Quantification of GSH.
Cells were treated with diquat (100 μM) or H2O2 (200 μM) for 6 h, and glutathione (GSH) levels were measured using a total glutathione detection kit (Enzo Life Sciences, Ann Arbor, MI) per the kit protocol. Briefly, following oxidant treatment, cells were counted and suspended in 5% metaphosphoric acid (4 × 106 cells/ml), sonicated, and centrifuged, and the supernatant was used for assaying GSH. A freshly prepared reaction mixture was added to the supernatant, and the absorbance at 405 nm was measured immediately and at 1-min intervals over a 10-min period.

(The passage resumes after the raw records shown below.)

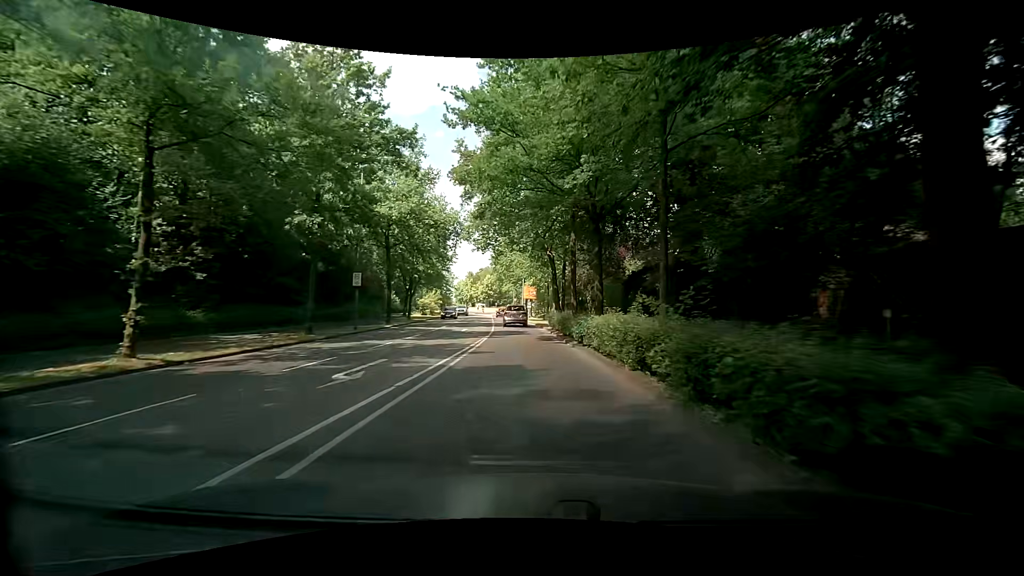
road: secondary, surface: asphalt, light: Day
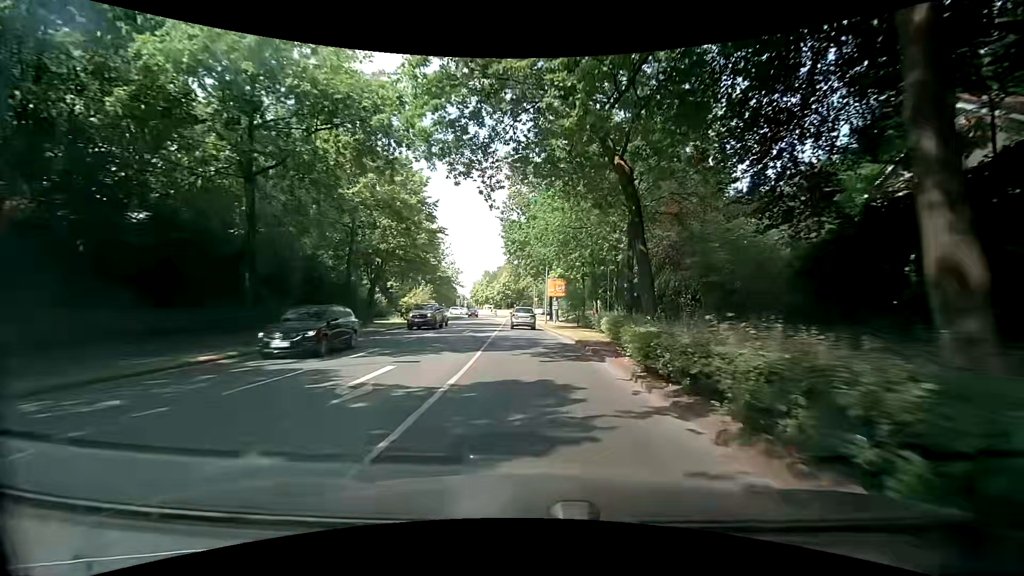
(-0.4, +21.5) m; -2°
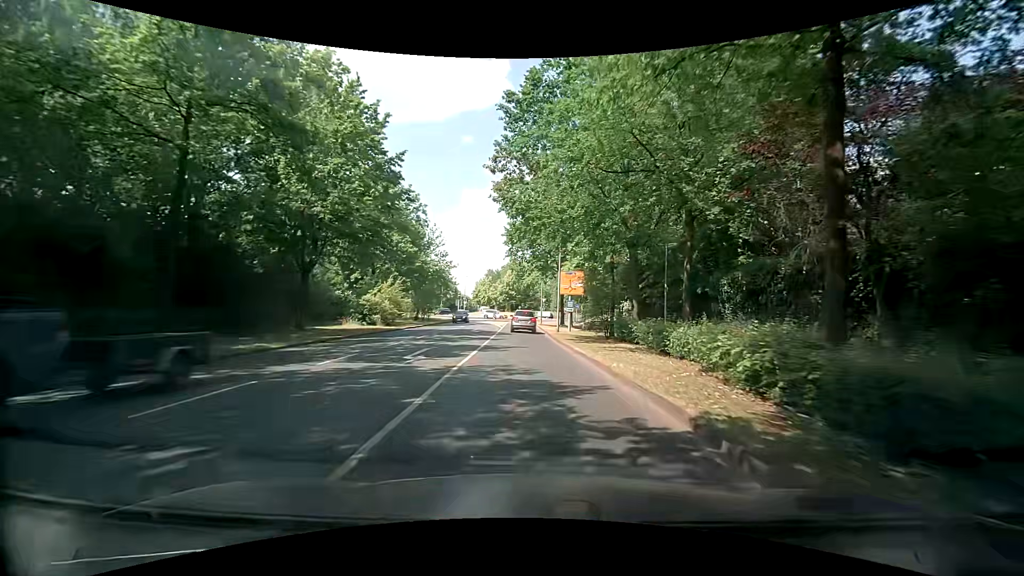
(-0.2, +13.9) m; -1°
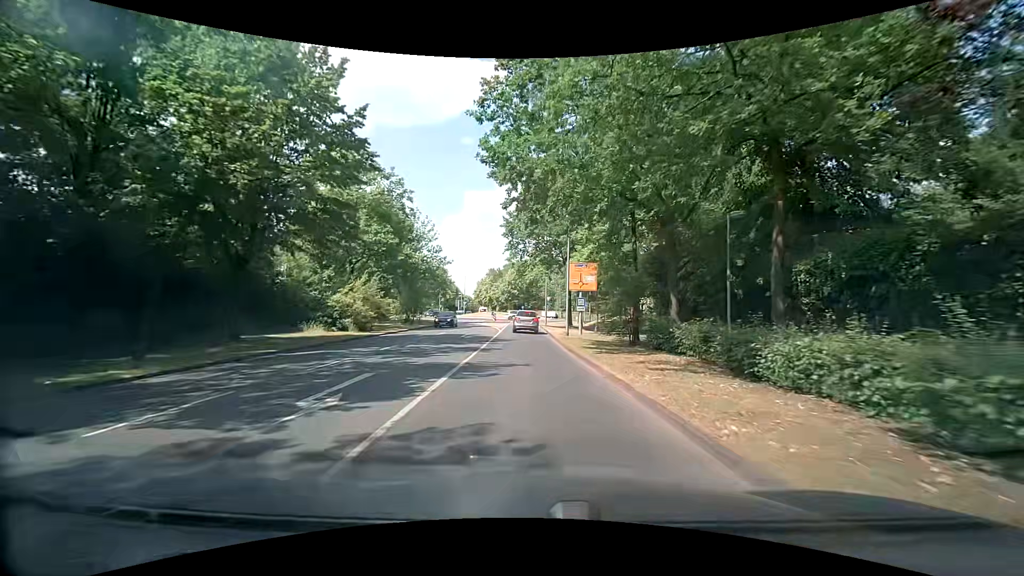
(0.0, +6.6) m; -1°
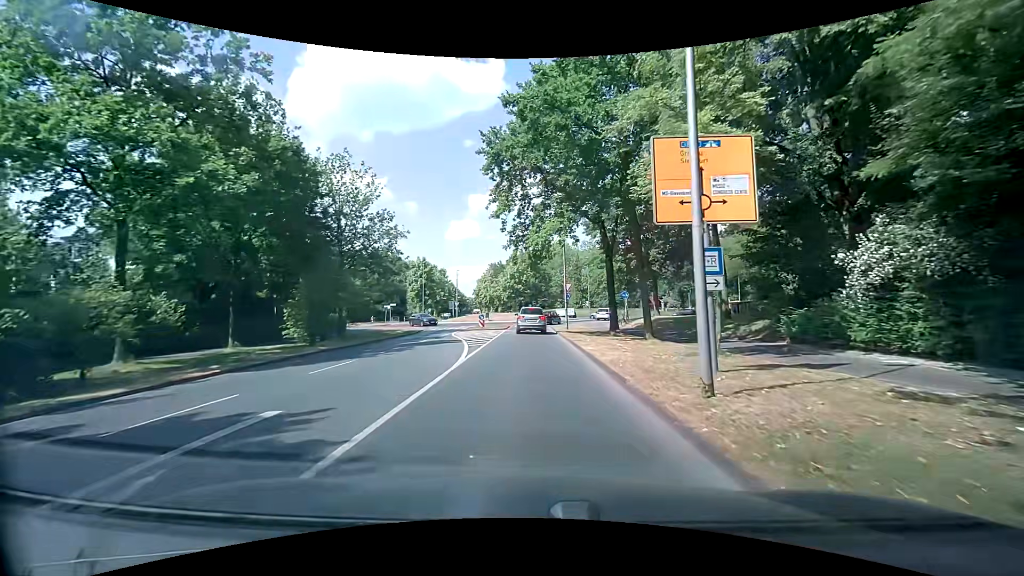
(-0.2, +24.0) m; 0°
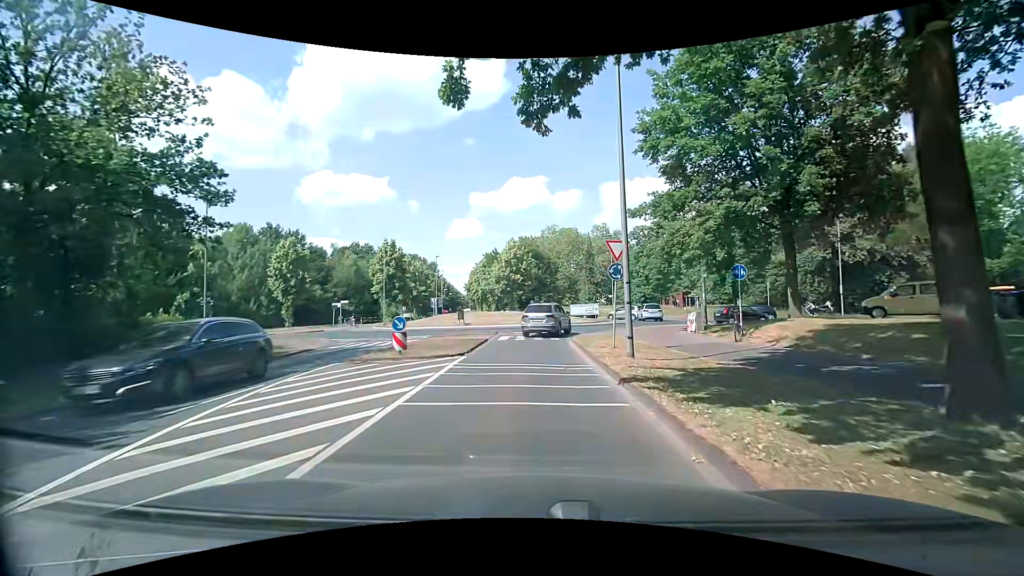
(-0.2, +23.0) m; -3°
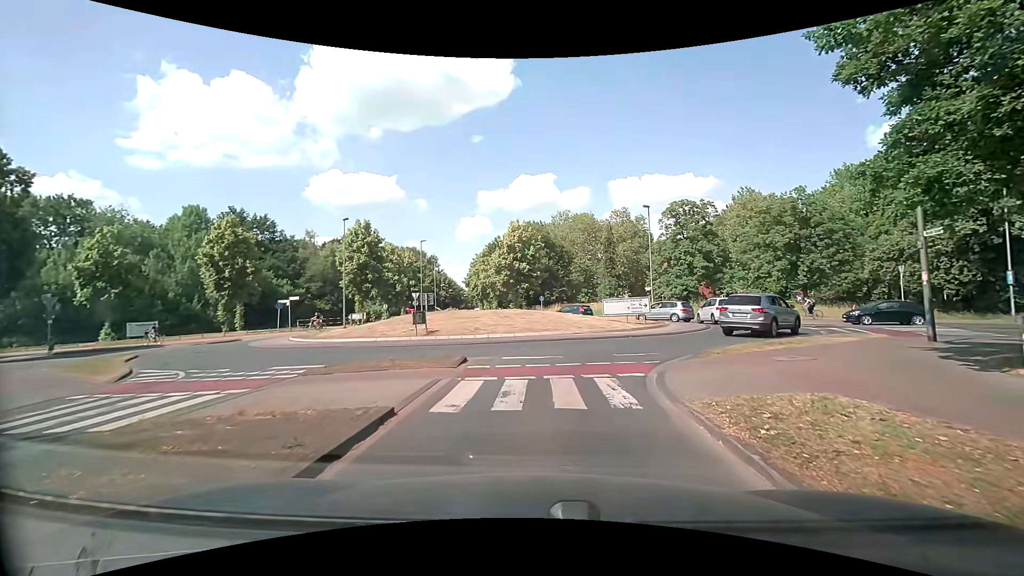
(+0.6, +15.6) m; 0°
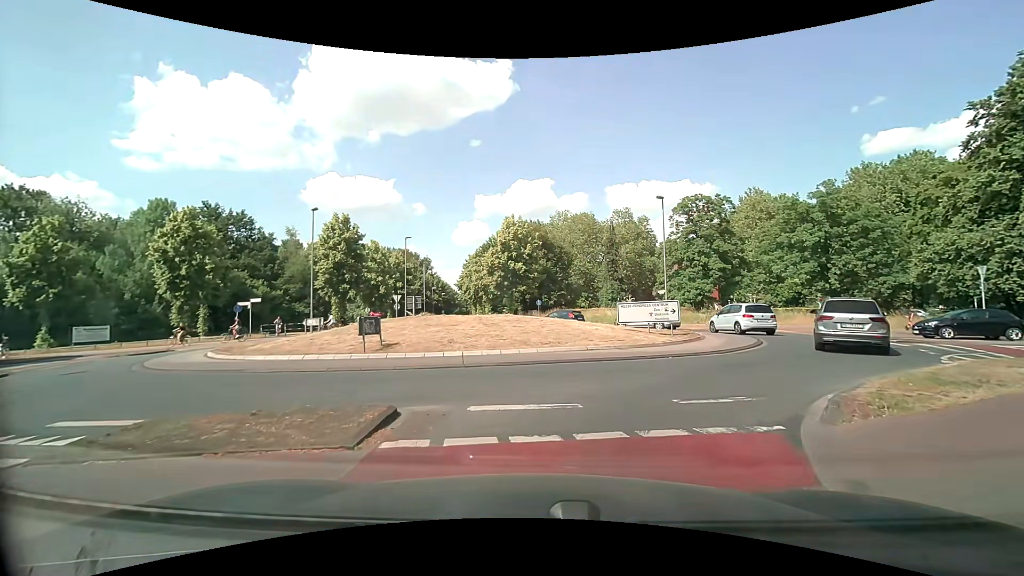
(+0.1, +5.9) m; +2°
(+2, +10) (+9, +17) (+18, +20) (+28, +20) (+38, +19) (+48, +18) (+58, +18) (+68, +17) (+78, +17) (+88, +16) m

The glutathione levels were determined in triplicate and calculated using GSH standards.
siRNA transfection.
siGENOME Smart pool small interfering RNAs (siRNAs) specific for Hmox1 (M-040543-01), Nqo1 (M-042699-01-0005), Nrf2 (M-040766-01), and Fra-1 (M-040704-01) were obtained from Dharmacon (Lafayette, CO). A siGENOME nontargeting siRNA (pool 2; D-001206-14-05) was used as a control. Cells were transfected with 50 nM siRNA oligonucleotides by the use of DharmaFECT1 (Dharmacon, Lafayette, CO). All siRNAs were verified for target sequence specificity before employment in the experiments. At 24 h posttransfection, cells were treated with H2O2 or diquat for 8 h, following which cell viability was estimated. To examine decreases in protein expression following siRNA transfection, cells were transfected for 24 h, following which they were treated with H2O2 or diquat for 6 h prior to lysis and immunoblot analysis.
ChIP assays.
Chromatin immunoprecipitation (ChIP) assays were performed using an EZ-ChIP assay kit (Millipore). Briefly, MEFs were treated with diquat and cross-linked with formaldehyde, and chromatin fragmentation was carried out as detailed in the kit protocol. Diluted soluble chromatin solution was incubated with rabbit anti-Nrf2, anti-c-jun, or anti-Jun-D antibodies (Santa Cruz Biotechnology) for 18 h at 4°C with rotation. Nonimmune rabbit IgG was used to determine the binding specificity. Following incubation with protein A-agarose, the bound products were washed and DNA was eluted. DNA was subjected to qRT-PCR with primers encompassing the functional antioxidant response elements (AREs) of the Hmox1 (F, 5′-GCTCATTTCCTCAGCTGCTT-3′, and R, 5′-TTCCGGAACCTTTTACCAAC-3′, for the −3872 ARE, and F, 5′-GGGCAGTCTTAAGCAATCCA-3′, and R, 5′-AAGGGTTCAGTCTGGAGCAA-3′, for the −9801 ARE) and Nqo1 (F, 5′-GCAGTTTCTAAGAGCAGAACG-3′, and R, 5′-GTAGATTAGTCCTCACTCAGCCG-3′) promoters. The primers located downstream of transcriptional start sites of Hmox1 (F, 5′-GGCAGGTATGGACCTTCAAA-3′ and R, 5′-AAAGGAGTCAGGGAGGGAGA-3′]) and Nqo1 (F, 5′-GGGCGCACTATTGTCATCTT-3′, and R, 5′-AGGAGATGGAAGGCAGGAAG-3′) were used to determine the specificity of Nrf2 binding in ChIP assays.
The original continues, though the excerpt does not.